A man of uncommon oratorical skill, Martin Luther King’s word is now woven into the fabric of American culture.

But his disciples said it was his willingness to help the downtrodden and to confront injustice which must be emulated to keep his dream alive. And the situation in Haiti presents a perfect opportunity.

"He expected us, and we should be expected to reach out to help others,” Mexico School Board President Ken Hoover said. 

"So, we have to not just daydream,” Master of Ceremony Myra Nunnelly said. “We have to get involved.”

Martin Luther King was known for getting involved. His intervention in the marches from Selma to Montgomery Ala. in 1965 brought the national media spotlight to the voting rights abuses in that state.

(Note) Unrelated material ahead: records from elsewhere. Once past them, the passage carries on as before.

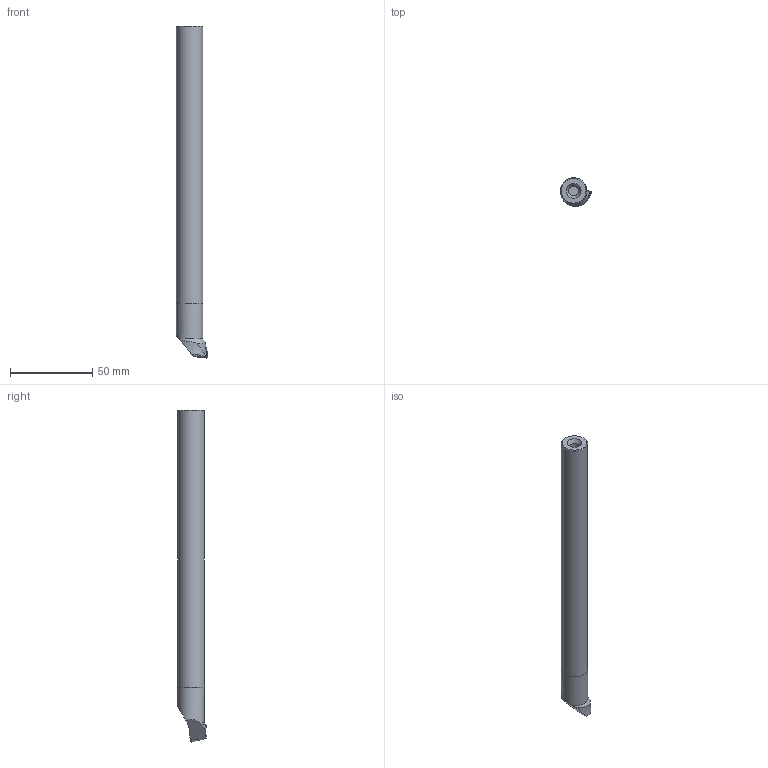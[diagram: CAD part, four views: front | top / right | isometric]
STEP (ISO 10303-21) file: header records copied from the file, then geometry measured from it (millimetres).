
FILE_DESCRIPTION(/* description */ (''),/* implementation_level */ '2;1');
FILE_NAME(/* name */ 'assy.stp',/* time_stamp */ '2017-08-28T15:20:33+02:00',/* author */ (''),/* organization */ ('SMS'),/* preprocessor_version */ 'ST-DEVELOPER v15',/* originating_system */ 'SIEMENS PLM Software NX 8.5',/* authorisation */ '');
FILE_SCHEMA (('AUTOMOTIVE_DESIGN { 1 0 10303 214 3 1 1 1 }'));
Length unit declared in the file: millimetre
Products named in the file (4): ASSEMBLY_CONSTRUCTION; NOCUT; CUT; ASSY
Assembly tree (3 placements, depth 2):
  ASSY
    CUT
    NOCUT
    ASSEMBLY_CONSTRUCTION
Bounding box: 18.94 x 17.15 x 201.25 mm (x, y, z)
Volume: 33745.9 mm3; surface area: 13667.5 mm2
Topology: 2 solids, 2 shells, 40 faces, 95 edges, 68 vertices
Faces by surface type: plane 17, cone 12, cylinder 6, torus 3, extrusion 2
Full cylindrical faces by diameter (mm): 2.8 x2, 6 x1, 15.985 x1, 16.085 x1
Entity records: 1385 total; most frequent: CARTESIAN_POINT 359, DIRECTION 198, ORIENTED_EDGE 154, AXIS2_PLACEMENT_3D 82, EDGE_CURVE 77, EDGE_LOOP 58, VERTEX_POINT 57, ADVANCED_FACE 40
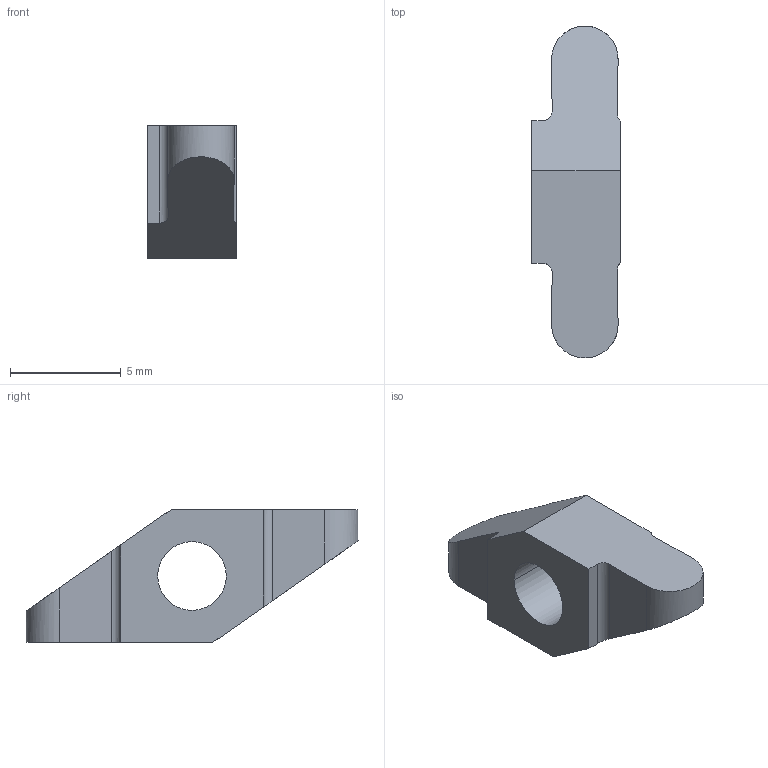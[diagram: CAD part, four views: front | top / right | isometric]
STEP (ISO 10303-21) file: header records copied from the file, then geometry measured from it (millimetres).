
FILE_DESCRIPTION(('CAx-IF Rec.Pracs.---Representation and Presentation of Product Manufacturing Information (PMI)---4.0---2014-10-13'),'2;1');
FILE_NAME('CUT-509-02-31','2020-03-25T08:33:38',('Tobias Weilenmann'),('Utilis'),'3.9.190517','FormatWorks Professional',' ');
FILE_SCHEMA(('AP242_MANAGED_MODEL_BASED_3D_ENGINEERING_MIM_LF {1 0 10303 442 1 1 4 }'));
Length unit declared in the file: millimetre
Products named in the file (1): CUT-509-02-31
Bounding box: 4 x 15 x 6 mm (x, y, z)
Volume: 181.4 mm3; surface area: 264 mm2
Topology: 1 solids, 1 shells, 20 faces, 54 edges, 36 vertices
Faces by surface type: plane 12, cylinder 8
Entity records: 1822 total; most frequent: CARTESIAN_POINT 193, PRESENTATION_STYLE_ASSIGNMENT 133, STYLED_ITEM 133, COLOUR_RGB 130, FILL_AREA_STYLE_COLOUR 130, FILL_AREA_STYLE 130, SURFACE_STYLE_FILL_AREA 130, SURFACE_SIDE_STYLE 130
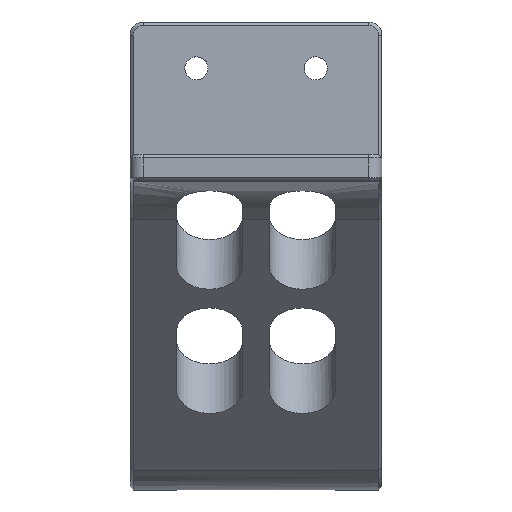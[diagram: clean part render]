
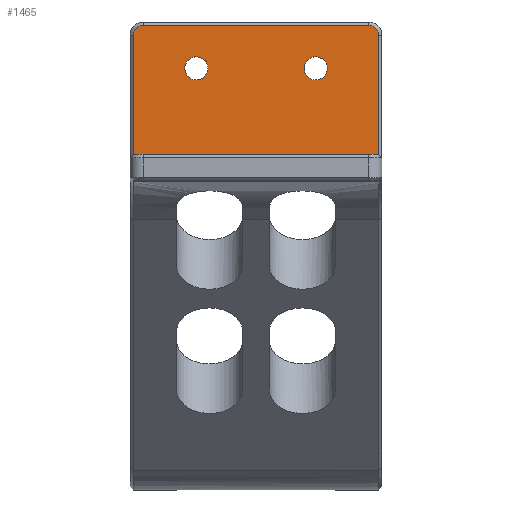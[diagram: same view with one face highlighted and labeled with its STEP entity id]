
A CAD part, top view. The second image highlights one B-rep face of the part: STEP entity #1465.
In plain terms, the highlighted free-form (B-spline) face has degree [1, 1] with [2, 2] control points.
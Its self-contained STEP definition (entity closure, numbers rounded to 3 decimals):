
#1208 = VERTEX_POINT('',#1209);
#1209 = CARTESIAN_POINT('',(19.881,47.82,
    70.603));
#1241 = EDGE_CURVE('',#1242,#1244,#1246,.T.);
#1242 = VERTEX_POINT('',#1243);
#1243 = CARTESIAN_POINT('',(-19.881,47.82,
    70.603));
#1244 = VERTEX_POINT('',#1245);
#1245 = CARTESIAN_POINT('',(-19.881,67.164,
    70.603));
#1246 = B_SPLINE_CURVE_WITH_KNOTS('',1,(#1247,#1248),.UNSPECIFIED.,.F.,
  .F.,(2,2),(12.249,30.249),.PIECEWISE_BEZIER_KNOTS.);
#1247 = CARTESIAN_POINT('',(-19.881,47.82,
    70.603));
#1248 = CARTESIAN_POINT('',(-19.881,67.164,
    70.603));
#1270 = VERTEX_POINT('',#1271);
#1271 = CARTESIAN_POINT('',(-18.269,68.776,
    70.603));
#1285 = EDGE_CURVE('',#1244,#1270,#1286,.T.);
#1286 = ( BOUNDED_CURVE() B_SPLINE_CURVE(2,(#1287,#1288,#1289),
.UNSPECIFIED.,.F.,.F.) B_SPLINE_CURVE_WITH_KNOTS((3,3),(5.498,
7.069),.PIECEWISE_BEZIER_KNOTS.) CURVE() 
GEOMETRIC_REPRESENTATION_ITEM() RATIONAL_B_SPLINE_CURVE((1.,
0.707,1.)) REPRESENTATION_ITEM('') );
#1287 = CARTESIAN_POINT('',(-19.881,67.164,
    70.603));
#1288 = CARTESIAN_POINT('',(-19.881,68.776,
    70.603));
#1289 = CARTESIAN_POINT('',(-18.269,68.776,
    70.603));
#1302 = VERTEX_POINT('',#1303);
#1303 = CARTESIAN_POINT('',(18.269,68.776,
    70.603));
#1316 = EDGE_CURVE('',#1270,#1302,#1317,.T.);
#1317 = B_SPLINE_CURVE_WITH_KNOTS('',1,(#1318,#1319),.UNSPECIFIED.,.F.,
  .F.,(2,2),(2.,36.),.PIECEWISE_BEZIER_KNOTS.);
#1318 = CARTESIAN_POINT('',(-18.269,68.776,
    70.603));
#1319 = CARTESIAN_POINT('',(18.269,68.776,
    70.603));
#1330 = VERTEX_POINT('',#1331);
#1331 = CARTESIAN_POINT('',(19.881,67.164,
    70.603));
#1345 = EDGE_CURVE('',#1302,#1330,#1346,.T.);
#1346 = ( BOUNDED_CURVE() B_SPLINE_CURVE(2,(#1347,#1348,#1349),
.UNSPECIFIED.,.F.,.F.) B_SPLINE_CURVE_WITH_KNOTS((3,3),(5.498,
7.069),.PIECEWISE_BEZIER_KNOTS.) CURVE() 
GEOMETRIC_REPRESENTATION_ITEM() RATIONAL_B_SPLINE_CURVE((1.,
0.707,1.)) REPRESENTATION_ITEM('') );
#1347 = CARTESIAN_POINT('',(18.269,68.776,
    70.603));
#1348 = CARTESIAN_POINT('',(19.881,68.776,
    70.603));
#1349 = CARTESIAN_POINT('',(19.881,67.164,
    70.603));
#1367 = EDGE_CURVE('',#1330,#1208,#1368,.T.);
#1368 = B_SPLINE_CURVE_WITH_KNOTS('',1,(#1369,#1370),.UNSPECIFIED.,.F.,
  .F.,(2,2),(-30.249,-12.249),.PIECEWISE_BEZIER_KNOTS.);
#1369 = CARTESIAN_POINT('',(19.881,67.164,
    70.603));
#1370 = CARTESIAN_POINT('',(19.881,47.82,
    70.603));
#1465 = ADVANCED_FACE('',(#1466,#1478,#1492),#1506,.T.);
#1466 = FACE_BOUND('',#1467,.T.);
#1467 = EDGE_LOOP('',(#1468,#1469,#1470,#1471,#1472,#1473));
#1468 = ORIENTED_EDGE('',*,*,#1367,.F.);
#1469 = ORIENTED_EDGE('',*,*,#1345,.F.);
#1470 = ORIENTED_EDGE('',*,*,#1316,.F.);
#1471 = ORIENTED_EDGE('',*,*,#1285,.F.);
#1472 = ORIENTED_EDGE('',*,*,#1241,.F.);
#1473 = ORIENTED_EDGE('',*,*,#1474,.T.);
#1474 = EDGE_CURVE('',#1242,#1208,#1475,.T.);
#1475 = B_SPLINE_CURVE_WITH_KNOTS('',1,(#1476,#1477),.UNSPECIFIED.,.F.,
  .F.,(2,2),(0.5,37.5),.PIECEWISE_BEZIER_KNOTS.);
#1476 = CARTESIAN_POINT('',(-19.881,47.82,
    70.603));
#1477 = CARTESIAN_POINT('',(19.881,47.82,
    70.603));
#1478 = FACE_BOUND('',#1479,.T.);
#1479 = EDGE_LOOP('',(#1480));
#1480 = ORIENTED_EDGE('',*,*,#1481,.T.);
#1481 = EDGE_CURVE('',#1482,#1482,#1484,.T.);
#1482 = VERTEX_POINT('',#1483);
#1483 = CARTESIAN_POINT('',(-11.553,61.79,
    70.603));
#1484 = ( BOUNDED_CURVE() B_SPLINE_CURVE(2,(#1485,#1486,#1487,#1488,
#1489,#1490,#1491),.UNSPECIFIED.,.T.,.F.) B_SPLINE_CURVE_WITH_KNOTS((3,2
    ,2,3),(3.142,5.236,7.33,9.425),
.PIECEWISE_BEZIER_KNOTS.) CURVE() GEOMETRIC_REPRESENTATION_ITEM() 
RATIONAL_B_SPLINE_CURVE((1.,0.5,1.,0.5,1.,0.5,1.)) REPRESENTATION_ITEM(
  '') );
#1485 = CARTESIAN_POINT('',(-11.553,61.79,
    70.603));
#1486 = CARTESIAN_POINT('',(-11.553,65.048,
    70.603));
#1487 = CARTESIAN_POINT('',(-8.732,63.419,
    70.603));
#1488 = CARTESIAN_POINT('',(-5.911,61.79,
    70.603));
#1489 = CARTESIAN_POINT('',(-8.732,60.162,
    70.603));
#1490 = CARTESIAN_POINT('',(-11.553,58.533,
    70.603));
#1491 = CARTESIAN_POINT('',(-11.553,61.79,
    70.603));
#1492 = FACE_BOUND('',#1493,.T.);
#1493 = EDGE_LOOP('',(#1494));
#1494 = ORIENTED_EDGE('',*,*,#1495,.T.);
#1495 = EDGE_CURVE('',#1496,#1496,#1498,.T.);
#1496 = VERTEX_POINT('',#1497);
#1497 = CARTESIAN_POINT('',(7.791,61.79,
    70.603));
#1498 = ( BOUNDED_CURVE() B_SPLINE_CURVE(2,(#1499,#1500,#1501,#1502,
#1503,#1504,#1505),.UNSPECIFIED.,.T.,.F.) B_SPLINE_CURVE_WITH_KNOTS((3,2
    ,2,3),(3.142,5.236,7.33,9.425),
.PIECEWISE_BEZIER_KNOTS.) CURVE() GEOMETRIC_REPRESENTATION_ITEM() 
RATIONAL_B_SPLINE_CURVE((1.,0.5,1.,0.5,1.,0.5,1.)) REPRESENTATION_ITEM(
  '') );
#1499 = CARTESIAN_POINT('',(7.791,61.79,
    70.603));
#1500 = CARTESIAN_POINT('',(7.791,65.048,
    70.603));
#1501 = CARTESIAN_POINT('',(10.612,63.419,
    70.603));
#1502 = CARTESIAN_POINT('',(13.433,61.79,
    70.603));
#1503 = CARTESIAN_POINT('',(10.612,60.162,
    70.603));
#1504 = CARTESIAN_POINT('',(7.791,58.533,
    70.603));
#1505 = CARTESIAN_POINT('',(7.791,61.79,
    70.603));
#1506 = B_SPLINE_SURFACE_WITH_KNOTS('',1,1,(
    (#1507,#1508)
    ,(#1509,#1510
    )),.UNSPECIFIED.,.F.,.F.,.F.,(2,2),(2,2),(0.5,20.),(0.5,37.5),
  .PIECEWISE_BEZIER_KNOTS.);
#1507 = CARTESIAN_POINT('',(-19.881,68.776,
    70.603));
#1508 = CARTESIAN_POINT('',(19.881,68.776,
    70.603));
#1509 = CARTESIAN_POINT('',(-19.881,47.82,
    70.603));
#1510 = CARTESIAN_POINT('',(19.881,47.82,
    70.603));

"We will dramatize the whole situation and seek to arouse the conscience of the federal government,” Dr. King said. "The greater the hate, the greater the unfairness, the greater the wrong, the bigger the risk we have to take.”

Too young to understand the meaning, Sharon Harvey Davis saw her father leave the family home in St. Louis to participate in King's call to action in Selma. Then 45 years later, Davis is the director of diversity for the Ameren Corporation. She said keeping Martin Luther King's dream alive is actually very simple.

"When you see hate, confront it,” Davis said. “When you see unfairness, stop it. When you see a wrong, make it right, no excuses, no pretext, no apology needed.  It is easy to remember, it is simple to understand, and it is so very hard to do.”

King Day organizers say the protections contained in laws adopted in the 1960's on voting rights, public accommodations, housing, and education were hard won and they require a continuing vigilance to be maintained.